The manga's treatment of samurai ethics has likewise been central to critical discussion. Ogami Ittō's conduct combines professional assassination with an uncompromising conception of duty and honor, allowing the series to explore tensions between bushidō, personal loyalty, revenge, and political authority. O'Rourke's discussion of Ogami emphasizes the tension between his conception of bushidō and his rejection of the social order that he believes has betrayed him. The series has consequently been read as more than a conventional revenge narrative, with its recurring encounters providing opportunities to examine different interpretations of honor, obligation, and justice.

The relationship between Ogami and Daigorō is another recurring subject of critical attention. The father-and-son relationship operates simultaneously as an emotional element of the story and as part of its larger exploration of duty and survival. Tyler Rothmar described the series as following Ogami and his infant son through a succession of encounters while their relationship is repeatedly tested by their enemies and circumstances. O'Rourke similarly identifies fatherhood and blood ties as recurring themes that complicate the revenge narrative.

Historical detail has been another major source of praise. Rothmar described Koike's story as drawing on subjects including Tokugawa government, Buddhism, the yakuza, military strategy, bushidō, and martial arts, while emphasizing the combination of Koike's research with Kojima's artwork. This historical density has also generated criticism. One review praised the setting and its examination of the Tokugawa period but argued that the extensive exposition and historical information could overwhelm the narrative and that the series sometimes presents the period through a highly stylized and violent interpretation.

The manga's graphic treatment of violence and sexuality has produced a more divided critical response. Rothmar characterized the series as moving between violence, tenderness, eroticism, and philosophical reflection, presenting these elements within its historical setting. Other reviewers have been more critical of the prominence of sexual violence, nudity, and representations of women. These criticisms have become particularly relevant in more recent assessments, where the series' mature gekiga aesthetic is considered alongside contemporary concerns about gender and representation.

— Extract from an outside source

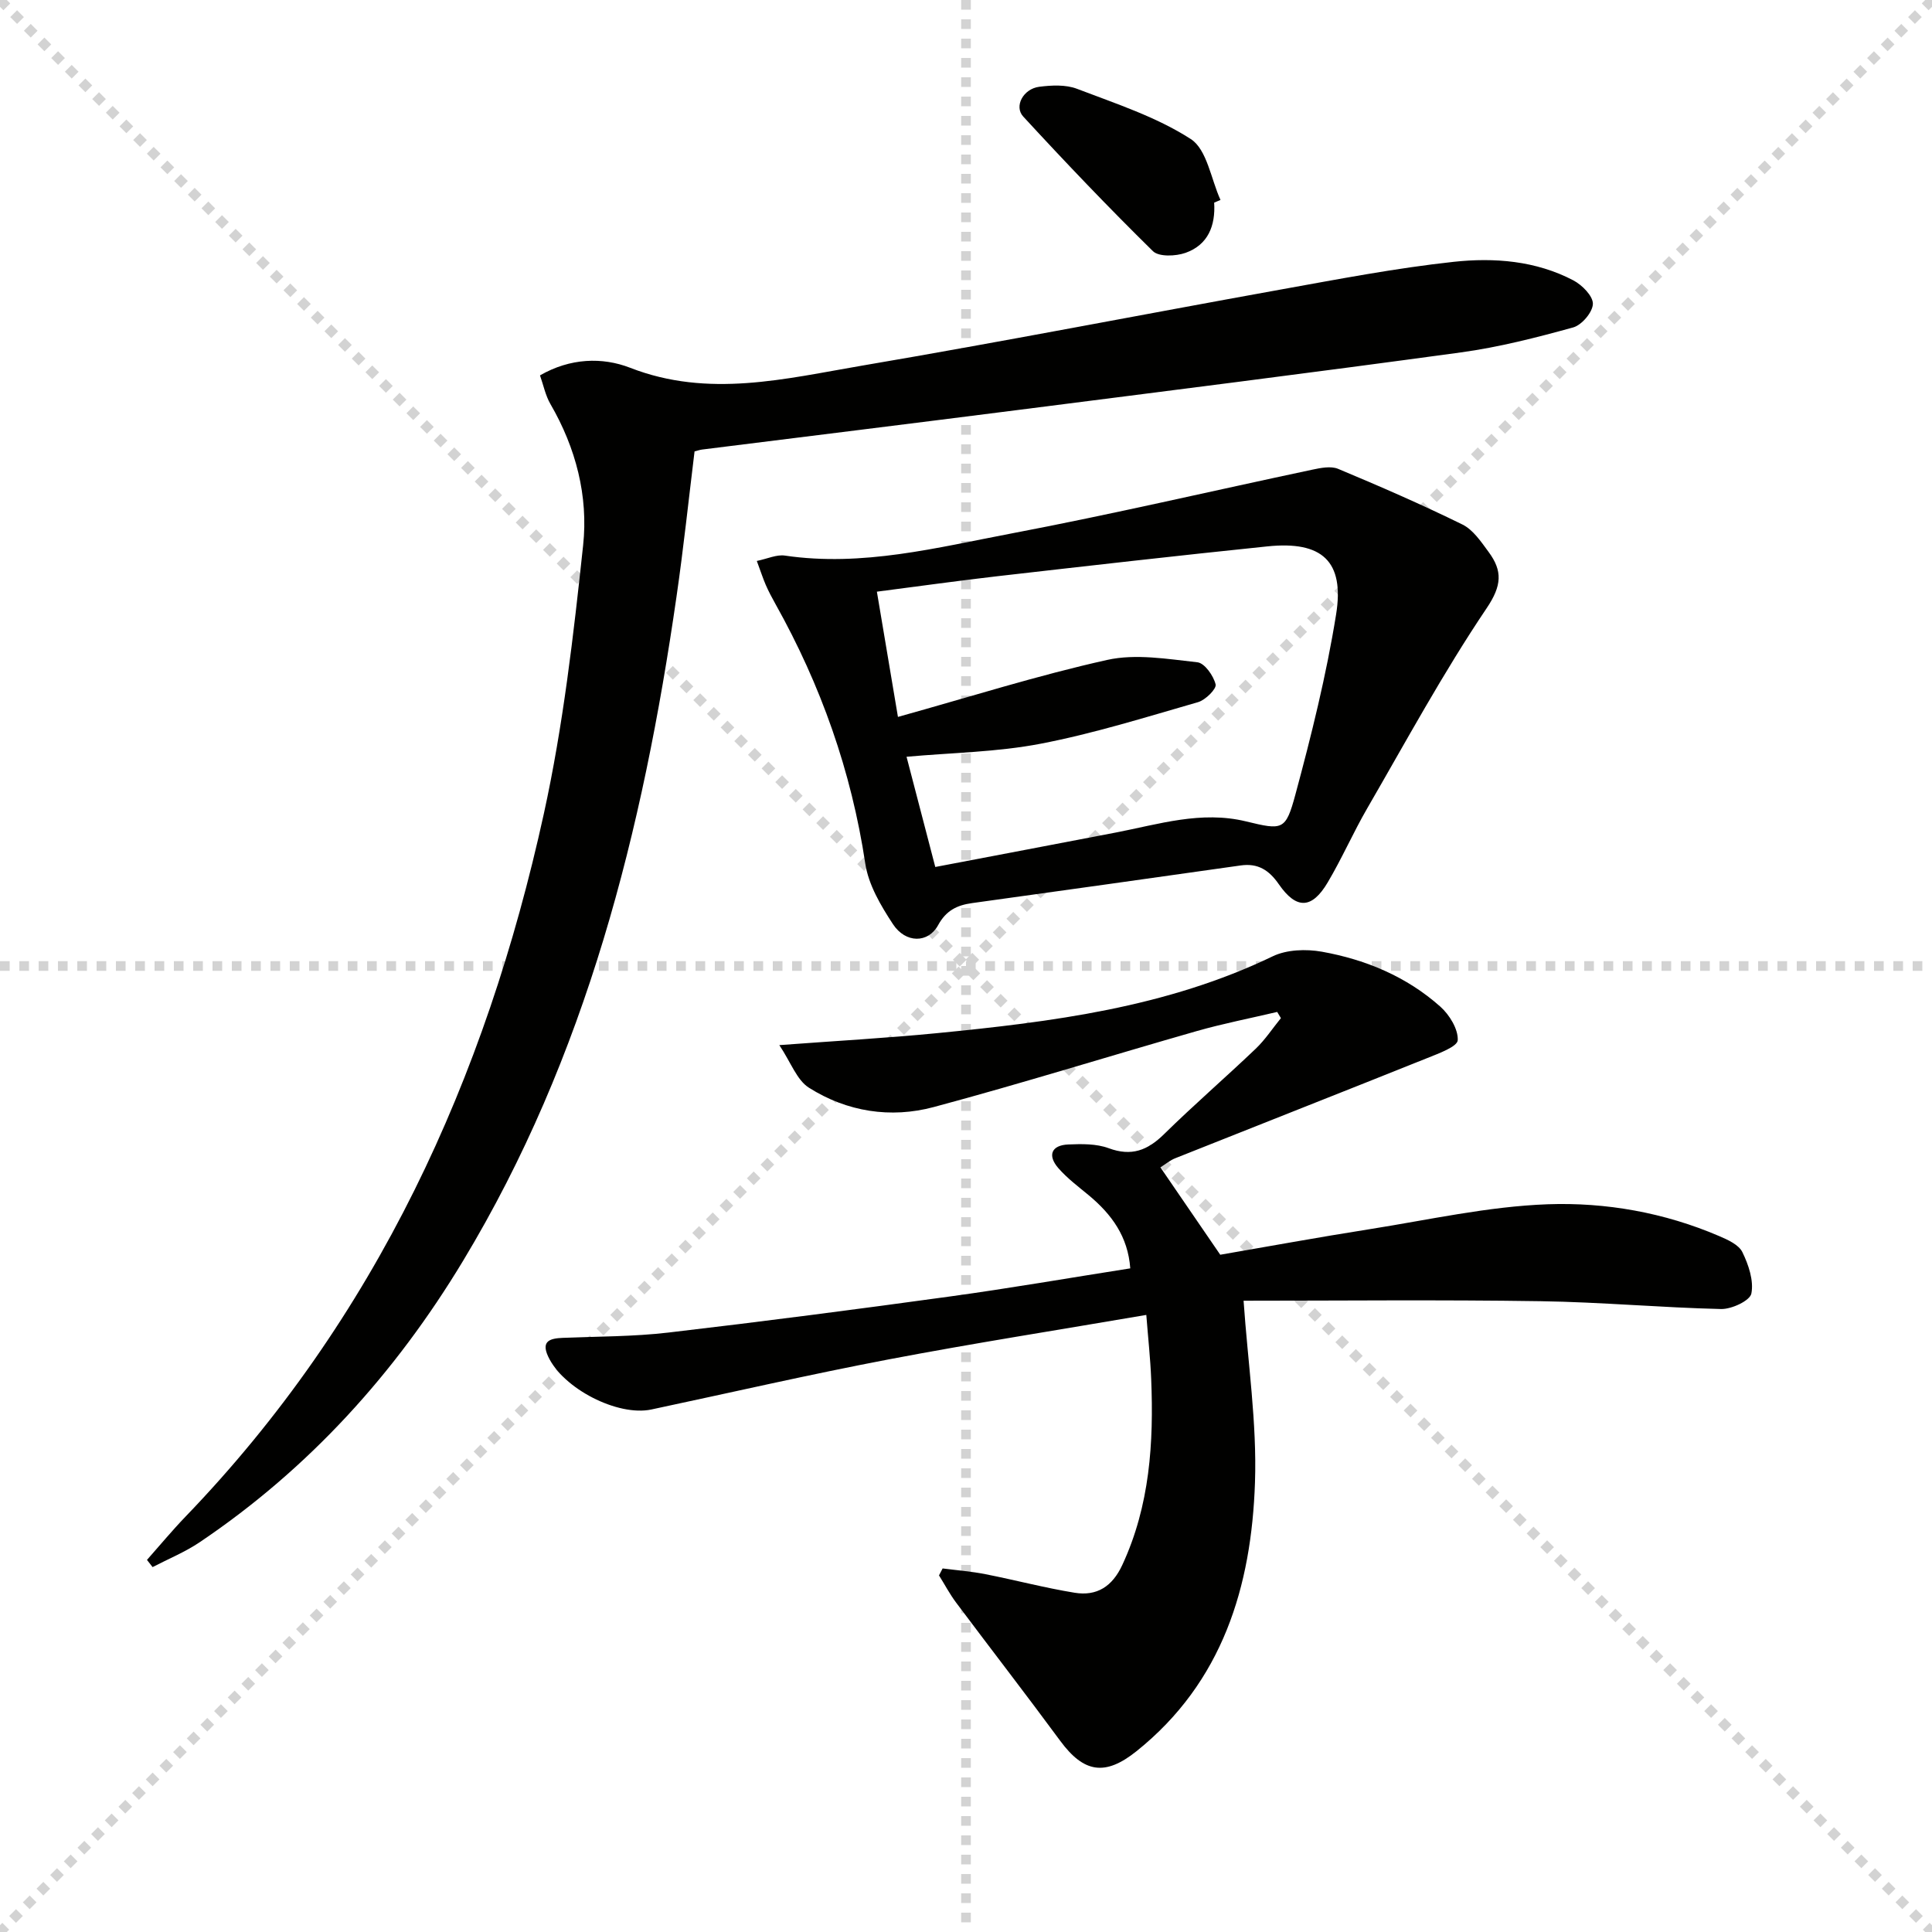 <svg enable-background="new 0 0 400 400" viewBox="0 0 400 400" xmlns="http://www.w3.org/2000/svg"><g stroke="lightgray" stroke-dasharray="1,1" stroke-width="1" transform="scale(2, 2)"><line x1="0" y1="0" x2="200" y2="200"></line><line x1="200" y1="0" x2="0" y2="200"></line><line x1="100" y1="0" x2="100" y2="200"></line><line x1="0" y1="100" x2="200" y2="100"></line></g><g fill="#010100"><path d="m257.47 269.3c.89 12.93 2.78 25.33 2.36 37.64-.73 21.54-6.69 41.33-24.52 55.62-6.48 5.19-10.89 4.53-15.81-2.15-7.08-9.61-14.39-19.05-21.54-28.6-1.33-1.77-2.37-3.76-3.55-5.64.25-.48.5-.96.75-1.44 2.96.38 5.95.61 8.87 1.19 6.17 1.21 12.26 2.83 18.46 3.84 4.59.75 7.8-1.28 9.87-5.75 5.71-12.3 6.52-25.28 5.98-38.5-.17-4.26-.64-8.51-1.01-13.27-18.16 3.11-35.81 5.87-53.35 9.21-16.43 3.13-32.75 6.89-49.12 10.37-6.97 1.48-18.31-4.32-21.39-11.01-1.47-3.19.44-3.71 3.02-3.82 7.31-.3 14.66-.25 21.91-1.1 19.46-2.27 38.88-4.8 58.29-7.47 12.31-1.69 24.57-3.82 37.32-5.82-.48-6.6-3.87-11.2-8.58-15.12-2.17-1.8-4.47-3.52-6.31-5.63-2.31-2.66-1.43-4.75 2.05-4.9 2.79-.12 5.82-.17 8.36.77 4.73 1.75 8.05.46 11.46-2.89 6.17-6.06 12.73-11.73 18.99-17.7 1.97-1.88 3.49-4.22 5.22-6.34-.26-.43-.52-.86-.77-1.28-5.55 1.31-11.17 2.4-16.64 3.96-18.17 5.19-36.21 10.84-54.46 15.73-8.94 2.4-17.97.98-25.85-4-2.51-1.59-3.72-5.22-6.13-8.82 12.08-.9 22.35-1.47 32.58-2.47 23.85-2.34 47.56-5.31 69.58-15.92 2.9-1.4 6.91-1.53 10.17-.95 9.09 1.63 17.55 5.16 24.52 11.37 1.9 1.69 3.72 4.67 3.61 6.95-.07 1.34-3.93 2.74-6.26 3.68-17.4 6.98-34.84 13.83-52.25 20.77-1.05.42-1.96 1.19-3.05 1.88 3.99 5.83 7.89 11.52 12.39 18.09 9.7-1.67 20.26-3.61 30.86-5.28 12.29-1.94 24.58-4.72 36.94-5.17 12.04-.43 24.16 1.72 35.48 6.58 1.8.77 4.07 1.79 4.82 3.33 1.28 2.62 2.39 5.91 1.86 8.58-.3 1.48-4.09 3.25-6.27 3.2-12.46-.29-24.91-1.44-37.38-1.62-20.79-.32-41.61-.1-61.48-.1z"/><path d="m30.43 322.96c2.65-2.99 5.2-6.07 7.96-8.94 39.5-41 62.17-90.69 74.21-145.56 4-18.24 6.14-36.96 8.13-55.56 1.09-10.16-1.49-20.15-6.76-29.23-1.05-1.81-1.47-3.98-2.17-5.95 6.24-3.6 12.9-3.82 18.68-1.57 16.23 6.32 32.13 2.25 48-.45 28.94-4.92 57.76-10.54 86.65-15.75 11.9-2.14 23.82-4.44 35.82-5.74 8.41-.91 17.03-.24 24.8 3.84 1.81.95 4.07 3.24 4.04 4.86-.04 1.72-2.3 4.39-4.08 4.88-7.64 2.11-15.4 4.1-23.24 5.17-30.59 4.18-61.22 8.03-91.85 11.94-21.74 2.77-43.48 5.45-65.23 8.17-.49.06-.96.23-1.59.39-1.23 10.02-2.29 20.09-3.74 30.09-6.96 48.33-18.65 95.16-44.19 137.5-14.03 23.26-31.9 43-54.51 58.24-3.04 2.05-6.5 3.46-9.77 5.16-.39-.5-.77-.99-1.16-1.49z"/><path d="m156.69 116.14c2.22-.46 4.11-1.37 5.83-1.11 16.02 2.36 31.44-1.65 46.87-4.58 20.84-3.96 41.51-8.8 62.26-13.2 1.75-.37 3.88-.81 5.39-.18 8.67 3.62 17.3 7.38 25.73 11.52 2.22 1.09 3.88 3.58 5.44 5.7 2.89 3.92 2.76 6.94-.44 11.67-8.96 13.29-16.63 27.46-24.68 41.36-2.91 5.02-5.24 10.38-8.2 15.37-3.27 5.53-6.48 5.64-10.11.4-2.01-2.91-4.3-4.42-7.9-3.91-18.54 2.63-37.09 5.23-55.64 7.8-3.1.43-5.36 1.53-7.01 4.56-2.06 3.78-6.73 3.79-9.35-.2-2.51-3.82-5.07-8.15-5.73-12.53-2.88-19.13-9.19-36.95-18.6-53.76-.73-1.3-1.43-2.62-2.02-3.98-.58-1.35-1.03-2.75-1.84-4.93zm36.95 63.36c12.64-2.41 25-4.75 37.36-7.13 8.91-1.72 17.69-4.56 26.97-2.31 7.59 1.84 8.21 1.9 10.22-5.53 3.32-12.3 6.41-24.73 8.43-37.29 1.79-11.06-2.91-15.28-14.19-14.12-18.66 1.92-37.29 4.05-55.93 6.18-8.18.94-16.33 2.09-24.95 3.2 1.52 9.04 2.96 17.61 4.36 25.93 14.88-4.14 28.96-8.61 43.32-11.8 5.92-1.32 12.48-.19 18.68.49 1.49.16 3.34 2.79 3.77 4.58.22.92-2.1 3.23-3.63 3.67-10.8 3.11-21.58 6.49-32.6 8.61-9.01 1.74-18.34 1.85-27.76 2.7 1.9 7.29 3.82 14.64 5.95 22.82z"/><path d="m251.38 41.95c.3 4.78-1.27 8.75-5.93 10.4-2.02.71-5.51.86-6.75-.35-9.2-9.04-18.11-18.38-26.85-27.87-1.95-2.12.01-5.73 3.29-6.16 2.58-.33 5.51-.48 7.85.42 8.03 3.07 16.42 5.8 23.55 10.4 3.36 2.17 4.18 8.29 6.15 12.61-.44.18-.87.37-1.31.55z"/></g></svg>

The English-language editions have also influenced how the artwork has been received. Minto praised the explanatory material accompanying Dark Horse's edition but argued that its relatively small format could make Kojima's dense artwork difficult to read. Rothmar noted that the edition he reviewed was presented in a Western left-to-right format rather than the right-to-left direction of the Japanese original. Later editions have adopted different presentation formats, including oversized editions intended to give greater prominence to Kojima's artwork.

The series' critical reputation has also been reinforced by its continuing influence outside Japan. The Japan Times has described Lone Wolf and Cub as one of the most iconic manga and has noted references to the work in the comics of Frank Miller, Quentin Tarantino's Kill Bill, and popular music. The work's influence on Western comics has also been discussed in connection with Road to Perdition, whose creator Max Allan Collins has identified Lone Wolf and Cub as an explicit influence.